Life challenge us everyday and the difference between a great success or an early failure resides only in the power of persistence. Is not as easy at it seems, because persistence implies three other components of a trained personality: desire, ambition and the confidence that you can succeed.
The desire means you can always dream big! The ambition comes from the believe that the desire result is achievable/ realistic. The self confidence is the trust you have in yourself and your power to achieve your goal.
But how to build in our child’s heart all those layers which finally have only one goal: to be happy individual?
1. Be yourself the role model
The imitation is the greatest form of admiration. Nothing more true than this. The kids always imitate the ones they admire and the prime role model for them is given by their parents. So, if he needs to be working on his persistence, first of all, you have to create a situation and let him follow you from the beginning to the end of your work, but it has be one to require few days, maybe weeks, then enjoy both the results of the consequent work. For example, if you build together a tree house, it won’t be ready over night, but at the end of it, the happiness will be double.
2. Talk to your child about motivation, ambition and happy ends
Sometimes is very hard even for adults to represent abstract concepts and we all understand better from specific examples. So, you can read or tell your child successful stories of modern heroes, the obstacles they overcome and personality they expressed. Try to find the examples in his interest area, either is sports, cinematography or music, because he will be more tempted to listen and more curious about the story.

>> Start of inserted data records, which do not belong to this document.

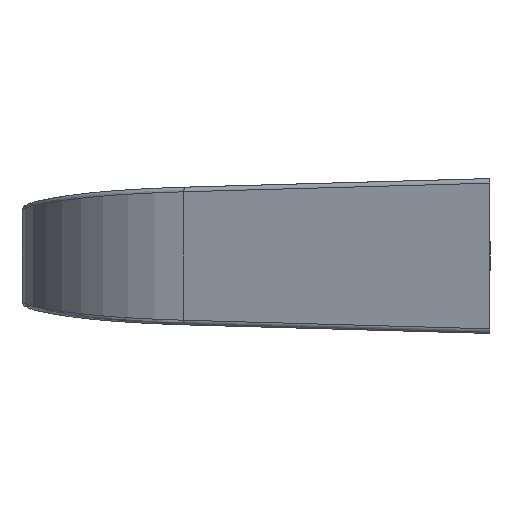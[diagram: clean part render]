
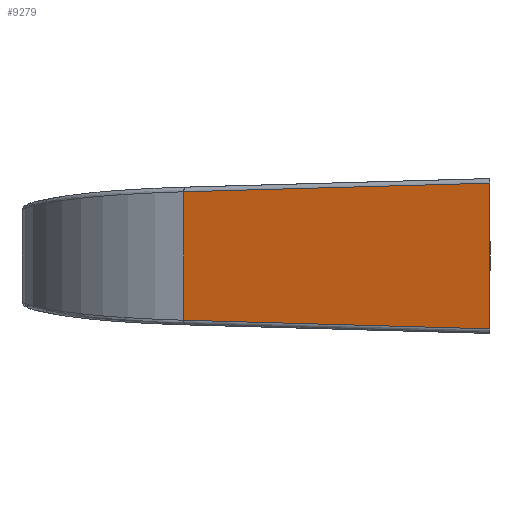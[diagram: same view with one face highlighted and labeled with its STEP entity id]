
A CAD part, left-side view. The second image highlights one B-rep face of the part: STEP entity #9279.
In plain terms, the highlighted planar face has unit normal (-0.966, 0.259, 0).
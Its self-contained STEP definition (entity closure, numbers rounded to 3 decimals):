
#557=PLANE('',#9850);
#1027=FACE_OUTER_BOUND('',#1539,.T.);
#1539=EDGE_LOOP('',(#8720,#8721,#8722,#8723));
#2694=LINE('',#14877,#3870);
#2711=LINE('',#15320,#3887);
#2718=LINE('',#15687,#3894);
#2719=LINE('',#15779,#3895);
#3870=VECTOR('',#11967,10.);
#3887=VECTOR('',#12054,10.);
#3894=VECTOR('',#12107,10.);
#3895=VECTOR('',#12114,10.);
#4783=VERTEX_POINT('',#14874);
#4784=VERTEX_POINT('',#14876);
#4820=VERTEX_POINT('',#15319);
#4833=VERTEX_POINT('',#15683);
#6050=EDGE_CURVE('',#4784,#4783,#2694,.T.);
#6106=EDGE_CURVE('',#4784,#4820,#2711,.T.);
#6136=EDGE_CURVE('',#4833,#4783,#2718,.T.);
#6139=EDGE_CURVE('',#4820,#4833,#2719,.T.);
#8720=ORIENTED_EDGE('',*,*,#6106,.F.);
#8721=ORIENTED_EDGE('',*,*,#6050,.T.);
#8722=ORIENTED_EDGE('',*,*,#6136,.F.);
#8723=ORIENTED_EDGE('',*,*,#6139,.F.);
#9279=ADVANCED_FACE('',(#1027),#557,.T.);
#9850=AXIS2_PLACEMENT_3D('',#15778,#12112,#12113);
#11967=DIRECTION('',(0.,0.,1.));
#12054=DIRECTION('',(0.259,0.966,0.027));
#12107=DIRECTION('',(-0.259,-0.966,0.027));
#12112=DIRECTION('center_axis',(-0.966,0.259,0.));
#12113=DIRECTION('ref_axis',(-0.259,-0.966,0.));
#12114=DIRECTION('',(0.,0.,1.));
#14874=CARTESIAN_POINT('',(0.,0.,9.668));
#14876=CARTESIAN_POINT('',(0.,0.,0.332));
#14877=CARTESIAN_POINT('',(0.,0.,0.));
#15319=CARTESIAN_POINT('',(5.258,19.623,0.885));
#15320=CARTESIAN_POINT('',(3.049,11.379,0.653));
#15683=CARTESIAN_POINT('',(5.258,19.623,9.115));
#15687=CARTESIAN_POINT('',(2.66,9.927,9.388));
#15778=CARTESIAN_POINT('Origin',(5.258,19.623,0.));
#15779=CARTESIAN_POINT('',(5.258,19.623,0.));
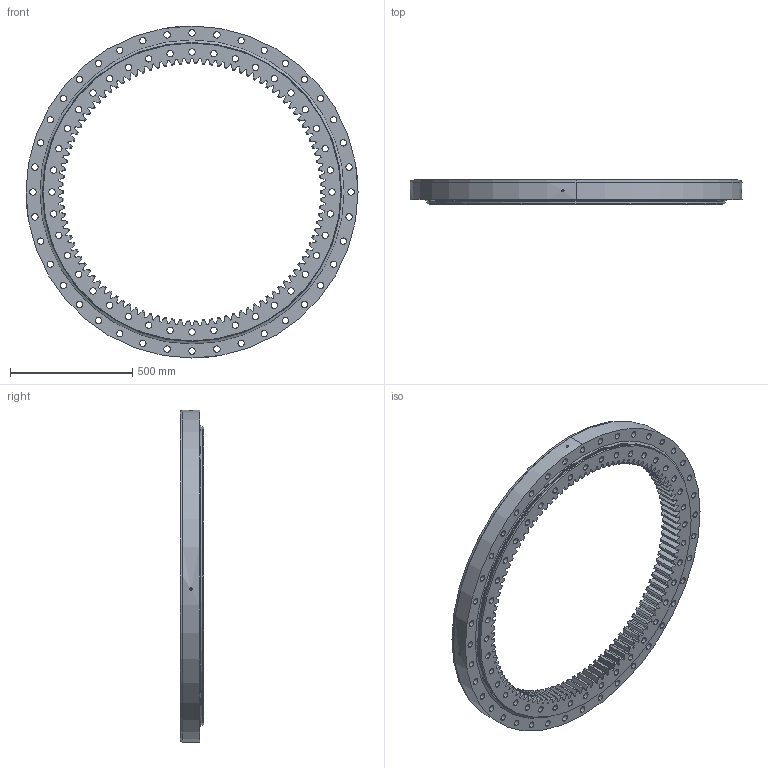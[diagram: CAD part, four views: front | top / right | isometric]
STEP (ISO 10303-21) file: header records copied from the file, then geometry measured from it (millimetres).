
FILE_DESCRIPTION (( 'STEP AP203' ), '1' );
FILE_NAME ('02-1225-00.STEP', '2017-12-26T13:03:16', ( 'defontaine' ), ( 'Hewlett-Packard Company' ), 'SwSTEP 2.0', 'SolidWorks 2016', '' );
FILE_SCHEMA (( 'CONFIG_CONTROL_DESIGN' ));
Length unit declared in the file: millimetre
Products named in the file (1): 02-1225-00
Bounding box: 1360 x 98 x 1360 mm (x, y, z)
Volume: 37641587.3 mm3; surface area: 3590655.2 mm2
Topology: 5 solids, 5 shells, 865 faces, 2536 edges, 1685 vertices
Faces by surface type: cylinder 399, plane 226, cone 220, torus 18, sphere 2
Entity records: 30426 total; most frequent: CARTESIAN_POINT 6879, ORIENTED_EDGE 5062, DIRECTION 4871, EDGE_CURVE 2531, AXIS2_PLACEMENT_3D 1914, VERTEX_POINT 1682, CIRCLE 1048, EDGE_LOOP 1047

3. Encourage your child to take responsibilities
This is a very common mistake that parents do. Kids try to take responsibilities that exceed their powers to make their parents proud of them. So, the parents say no, because it is indeed too big for the child or they can’t do it properly. Either way, our advice is to never say no to his willingness to help, you can thank him for thinking of doing it and try to give them the easier part of the task.
4. Challenge your child with doable projects
Create the situations in which he can measure in his eyes his powers. If a child doesn’t have opportunities to succeed, he won’t learn the value of perseverance. Allow your child to experience situations where he has to overcome a certain obstacle. If your child asks for help, give it willingly.
But never accomplish the task for him.
At the end celebrate his success and remind him in the future that he was strong enough to succeed.
5. Teach your child to become independent
When you see that your child is trying to do something and he is struggling, resist the urge to rescue him. Come with a solution only when he asks or is about to give up. Encourage his trails and ask him curiously about what is his next plan to resolve the task when it didn’t succeeded from the first trail. If you keep saving your child from difficult tasks, he might start believing that you do so because you don’t think he can.
When your child learns from failure, he becomes happier and more confident when he succeeds. And more importantly, he will keep on trying until he does!
Earned is always more exciting then received!
6. Be there! Just be always there for your child
Failures, successes, hours, days, weeks, you have to be there confident, proudly and supportive. And this should be enough for him to feel loved and confident that only sky is the limit.